(Stored data entries)
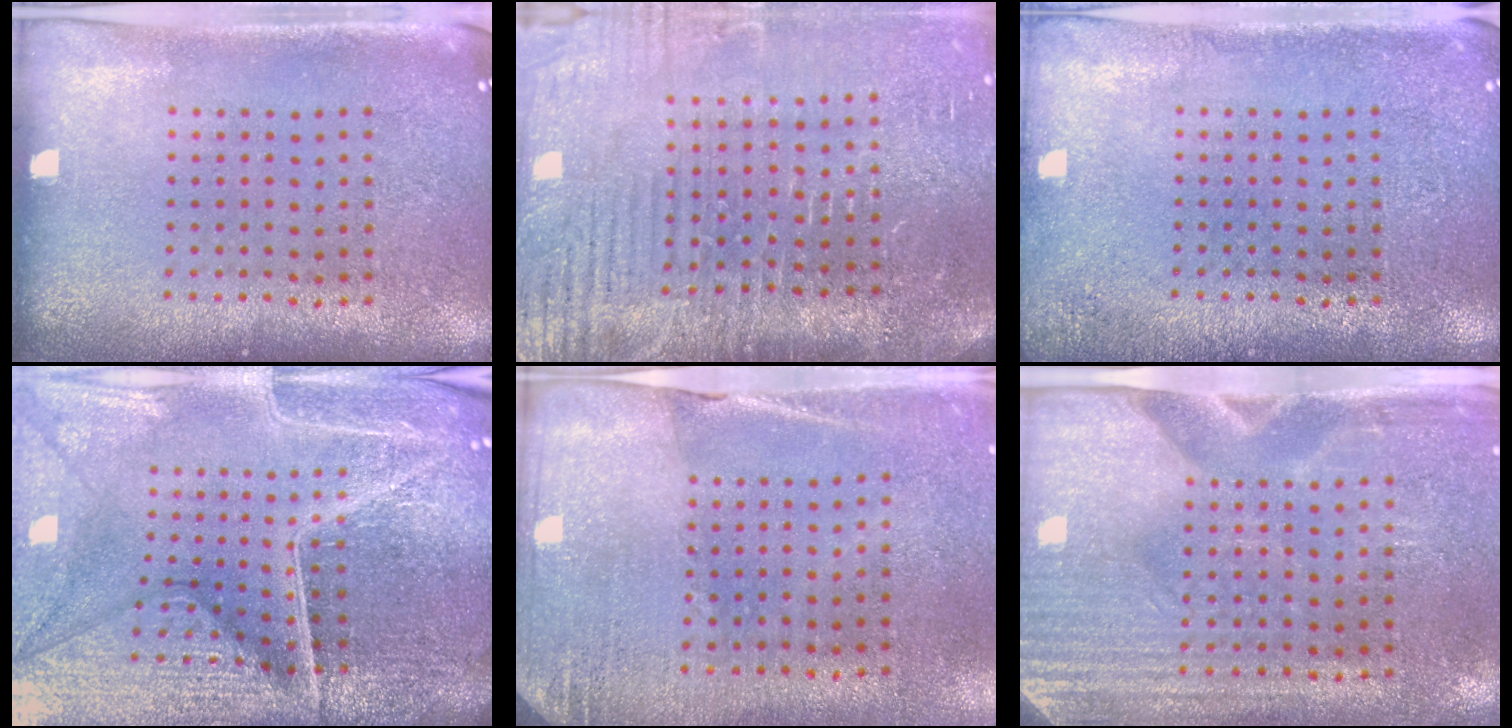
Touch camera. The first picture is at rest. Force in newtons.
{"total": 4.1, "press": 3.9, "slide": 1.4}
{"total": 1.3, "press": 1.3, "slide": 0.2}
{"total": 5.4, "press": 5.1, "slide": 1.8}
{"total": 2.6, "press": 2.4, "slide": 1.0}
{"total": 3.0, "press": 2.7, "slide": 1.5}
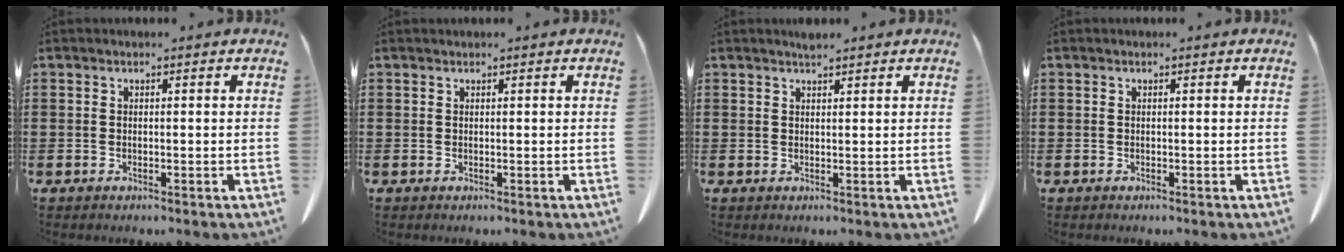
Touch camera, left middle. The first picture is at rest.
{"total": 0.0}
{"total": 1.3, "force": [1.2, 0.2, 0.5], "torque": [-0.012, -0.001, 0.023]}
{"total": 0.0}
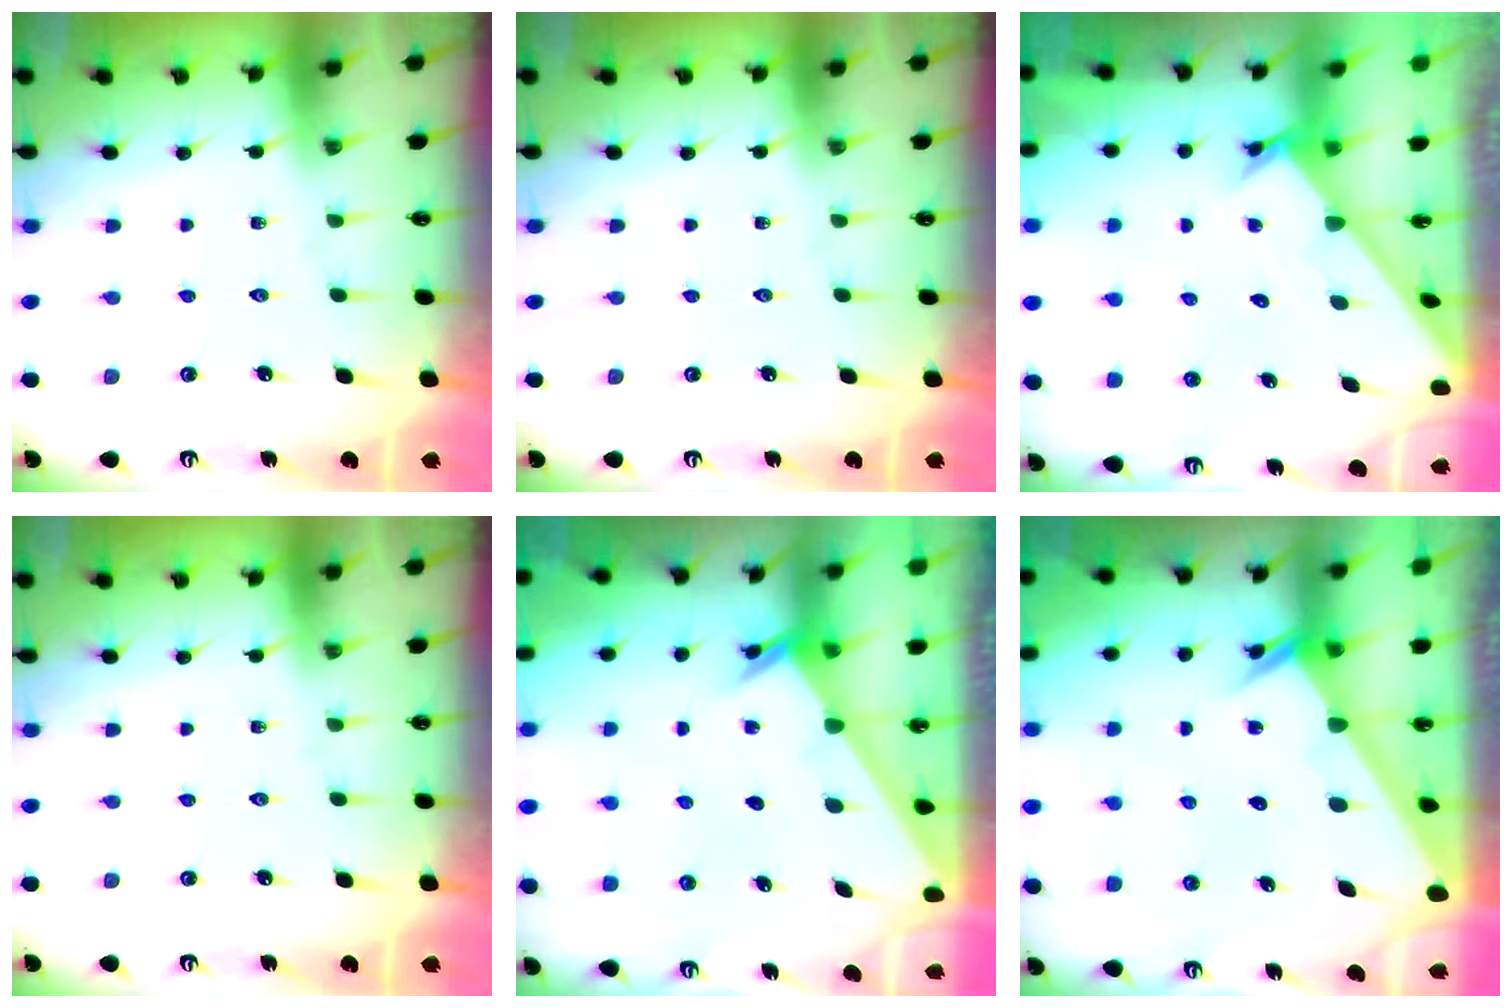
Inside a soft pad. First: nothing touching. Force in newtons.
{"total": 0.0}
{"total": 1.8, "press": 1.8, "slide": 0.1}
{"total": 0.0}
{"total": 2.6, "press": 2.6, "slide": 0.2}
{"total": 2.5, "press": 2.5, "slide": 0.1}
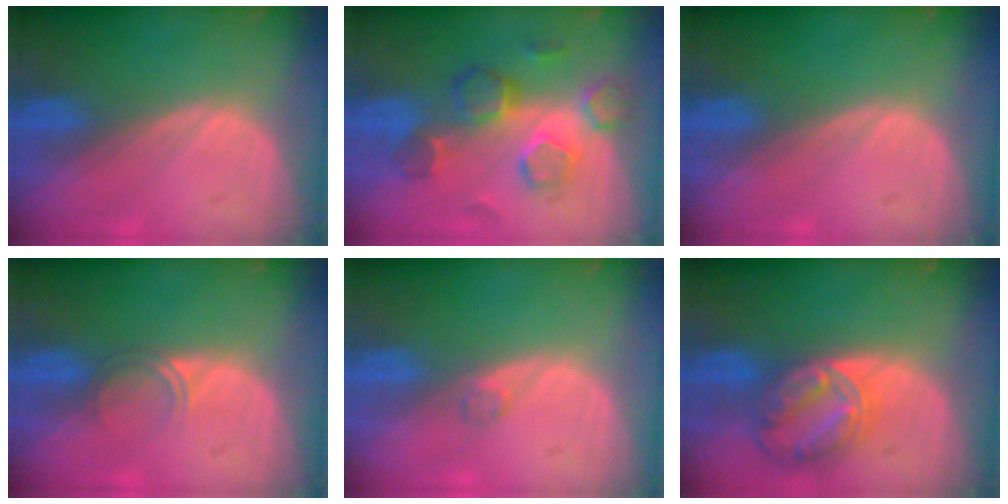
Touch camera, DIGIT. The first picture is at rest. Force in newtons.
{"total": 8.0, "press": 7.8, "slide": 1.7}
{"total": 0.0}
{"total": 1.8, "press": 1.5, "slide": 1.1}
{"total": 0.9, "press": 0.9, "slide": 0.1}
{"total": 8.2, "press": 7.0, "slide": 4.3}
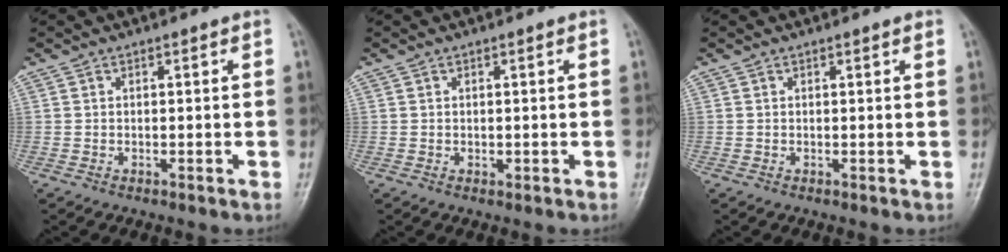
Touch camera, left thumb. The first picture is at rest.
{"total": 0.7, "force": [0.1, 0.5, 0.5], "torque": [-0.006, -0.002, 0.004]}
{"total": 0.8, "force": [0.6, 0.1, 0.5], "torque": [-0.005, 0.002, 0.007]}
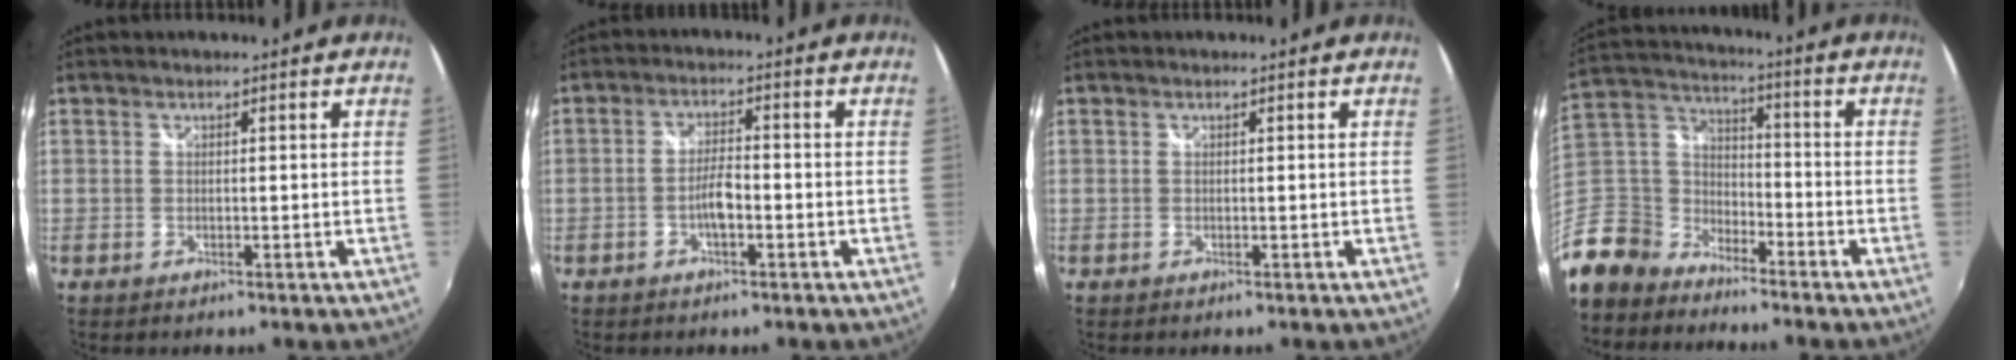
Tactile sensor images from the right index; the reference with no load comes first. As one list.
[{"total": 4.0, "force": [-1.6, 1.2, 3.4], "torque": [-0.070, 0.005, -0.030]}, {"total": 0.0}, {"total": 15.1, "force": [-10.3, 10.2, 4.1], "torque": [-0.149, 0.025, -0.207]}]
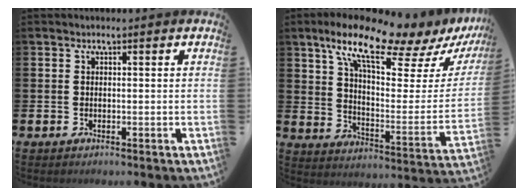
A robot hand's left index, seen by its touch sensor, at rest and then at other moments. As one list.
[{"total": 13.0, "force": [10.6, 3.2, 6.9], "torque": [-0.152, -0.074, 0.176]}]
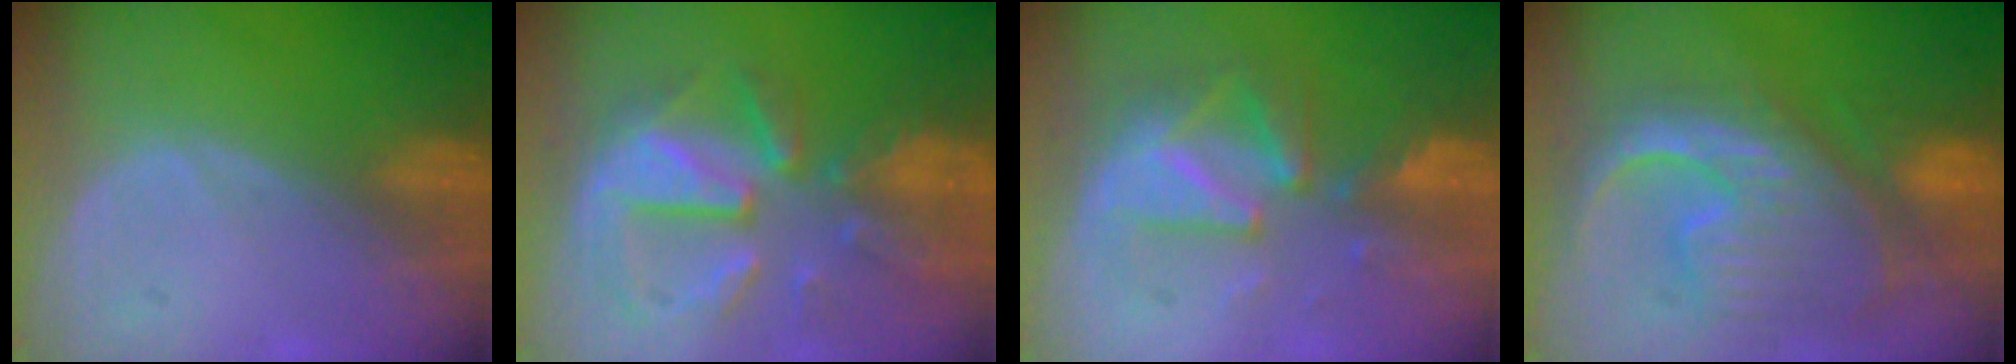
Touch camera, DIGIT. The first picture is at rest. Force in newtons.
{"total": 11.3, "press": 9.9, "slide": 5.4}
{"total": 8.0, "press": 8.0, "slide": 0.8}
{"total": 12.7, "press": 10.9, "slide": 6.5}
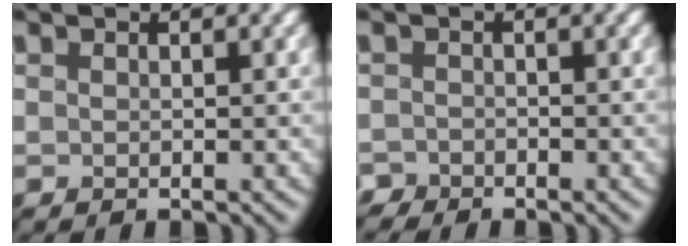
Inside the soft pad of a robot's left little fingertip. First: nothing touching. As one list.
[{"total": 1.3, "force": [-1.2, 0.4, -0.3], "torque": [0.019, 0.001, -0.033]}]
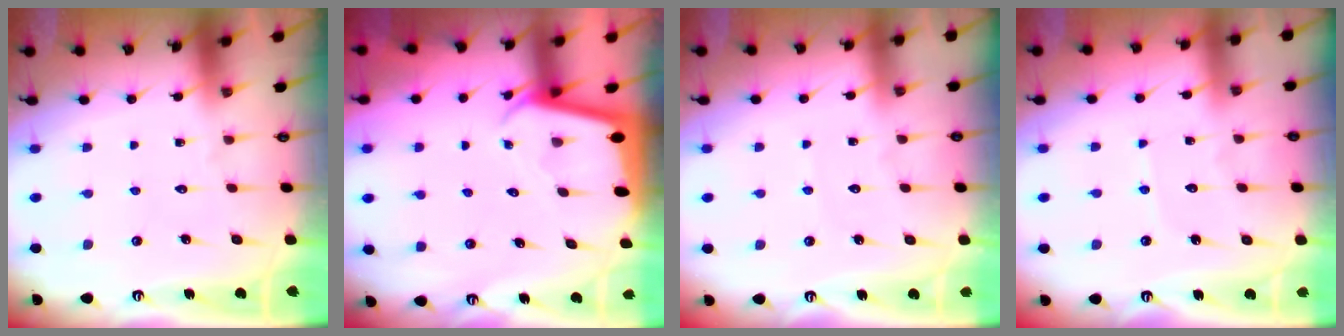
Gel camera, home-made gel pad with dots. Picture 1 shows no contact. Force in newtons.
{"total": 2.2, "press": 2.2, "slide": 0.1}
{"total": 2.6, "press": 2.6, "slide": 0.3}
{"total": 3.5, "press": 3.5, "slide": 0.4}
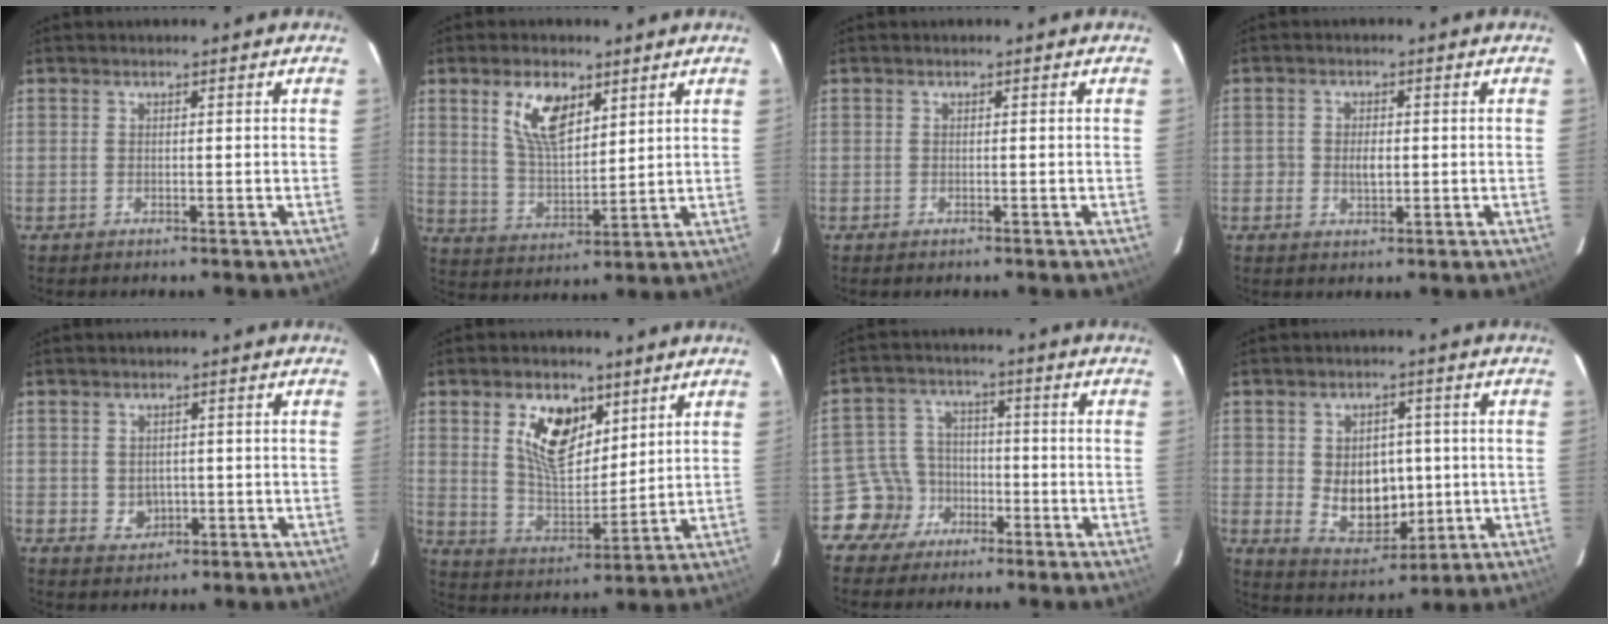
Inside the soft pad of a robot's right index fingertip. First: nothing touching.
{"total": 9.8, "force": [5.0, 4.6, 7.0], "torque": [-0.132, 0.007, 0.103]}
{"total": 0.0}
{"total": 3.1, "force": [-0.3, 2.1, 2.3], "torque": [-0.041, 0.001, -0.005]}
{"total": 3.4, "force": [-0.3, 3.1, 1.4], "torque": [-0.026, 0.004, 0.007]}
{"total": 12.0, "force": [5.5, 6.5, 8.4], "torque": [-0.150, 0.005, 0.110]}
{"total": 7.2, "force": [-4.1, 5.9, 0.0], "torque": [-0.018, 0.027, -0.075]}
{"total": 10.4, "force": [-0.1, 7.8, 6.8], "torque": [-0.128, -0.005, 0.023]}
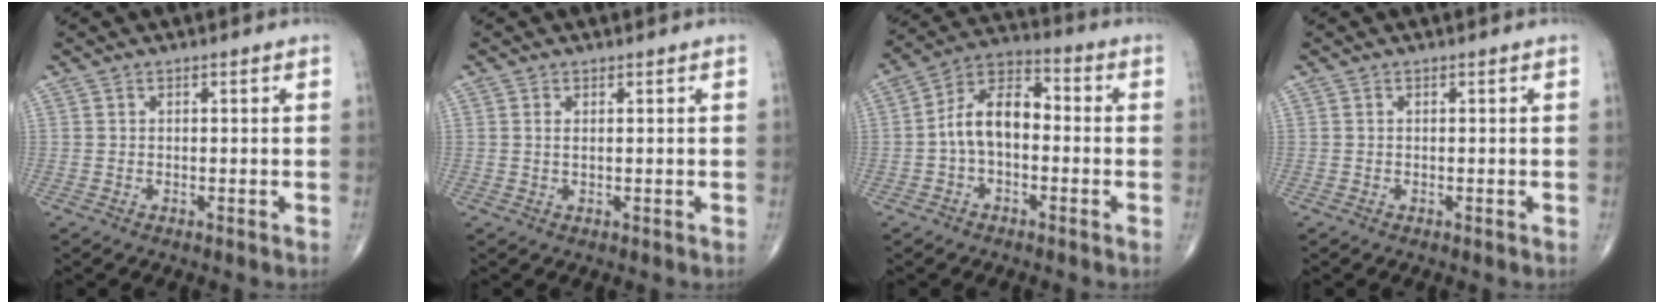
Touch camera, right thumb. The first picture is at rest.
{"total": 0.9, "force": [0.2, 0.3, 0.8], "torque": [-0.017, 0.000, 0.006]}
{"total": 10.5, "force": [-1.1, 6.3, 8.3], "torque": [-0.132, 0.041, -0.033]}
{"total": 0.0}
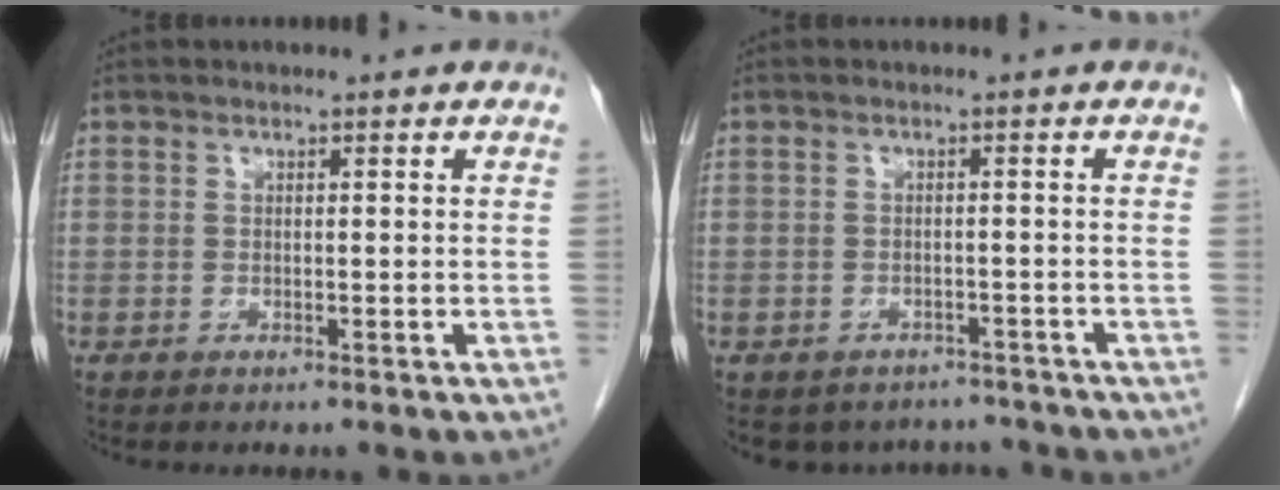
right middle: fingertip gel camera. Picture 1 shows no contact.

**WHAT THE TASK ASKS**. Please keep the pictures out and reproduce the records above exactly.

**ANSWER BELOW**.
Touch camera. The first picture is at rest. Force in newtons.
{"total": 4.1, "press": 3.9, "slide": 1.4}
{"total": 1.3, "press": 1.3, "slide": 0.2}
{"total": 5.4, "press": 5.1, "slide": 1.8}
{"total": 2.6, "press": 2.4, "slide": 1.0}
{"total": 3.0, "press": 2.7, "slide": 1.5}
Touch camera, left middle. The first picture is at rest.
{"total": 0.0}
{"total": 1.3, "force": [1.2, 0.2, 0.5], "torque": [-0.012, -0.001, 0.023]}
{"total": 0.0}
Inside a soft pad. First: nothing touching. Force in newtons.
{"total": 0.0}
{"total": 1.8, "press": 1.8, "slide": 0.1}
{"total": 0.0}
{"total": 2.6, "press": 2.6, "slide": 0.2}
{"total": 2.5, "press": 2.5, "slide": 0.1}
Touch camera, DIGIT. The first picture is at rest. Force in newtons.
{"total": 8.0, "press": 7.8, "slide": 1.7}
{"total": 0.0}
{"total": 1.8, "press": 1.5, "slide": 1.1}
{"total": 0.9, "press": 0.9, "slide": 0.1}
{"total": 8.2, "press": 7.0, "slide": 4.3}
Touch camera, left thumb. The first picture is at rest.
{"total": 0.7, "force": [0.1, 0.5, 0.5], "torque": [-0.006, -0.002, 0.004]}
{"total": 0.8, "force": [0.6, 0.1, 0.5], "torque": [-0.005, 0.002, 0.007]}
Tactile sensor images from the right index; the reference with no load comes first. As one list.
[{"total": 4.0, "force": [-1.6, 1.2, 3.4], "torque": [-0.070, 0.005, -0.030]}, {"total": 0.0}, {"total": 15.1, "force": [-10.3, 10.2, 4.1], "torque": [-0.149, 0.025, -0.207]}]
A robot hand's left index, seen by its touch sensor, at rest and then at other moments. As one list.
[{"total": 13.0, "force": [10.6, 3.2, 6.9], "torque": [-0.152, -0.074, 0.176]}]
Touch camera, DIGIT. The first picture is at rest. Force in newtons.
{"total": 11.3, "press": 9.9, "slide": 5.4}
{"total": 8.0, "press": 8.0, "slide": 0.8}
{"total": 12.7, "press": 10.9, "slide": 6.5}
Inside the soft pad of a robot's left little fingertip. First: nothing touching. As one list.
[{"total": 1.3, "force": [-1.2, 0.4, -0.3], "torque": [0.019, 0.001, -0.033]}]
Gel camera, home-made gel pad with dots. Picture 1 shows no contact. Force in newtons.
{"total": 2.2, "press": 2.2, "slide": 0.1}
{"total": 2.6, "press": 2.6, "slide": 0.3}
{"total": 3.5, "press": 3.5, "slide": 0.4}
Inside the soft pad of a robot's right index fingertip. First: nothing touching.
{"total": 9.8, "force": [5.0, 4.6, 7.0], "torque": [-0.132, 0.007, 0.103]}
{"total": 0.0}
{"total": 3.1, "force": [-0.3, 2.1, 2.3], "torque": [-0.041, 0.001, -0.005]}
{"total": 3.4, "force": [-0.3, 3.1, 1.4], "torque": [-0.026, 0.004, 0.007]}
{"total": 12.0, "force": [5.5, 6.5, 8.4], "torque": [-0.150, 0.005, 0.110]}
{"total": 7.2, "force": [-4.1, 5.9, 0.0], "torque": [-0.018, 0.027, -0.075]}
{"total": 10.4, "force": [-0.1, 7.8, 6.8], "torque": [-0.128, -0.005, 0.023]}
Touch camera, right thumb. The first picture is at rest.
{"total": 0.9, "force": [0.2, 0.3, 0.8], "torque": [-0.017, 0.000, 0.006]}
{"total": 10.5, "force": [-1.1, 6.3, 8.3], "torque": [-0.132, 0.041, -0.033]}
{"total": 0.0}
right middle: fingertip gel camera. Picture 1 shows no contact.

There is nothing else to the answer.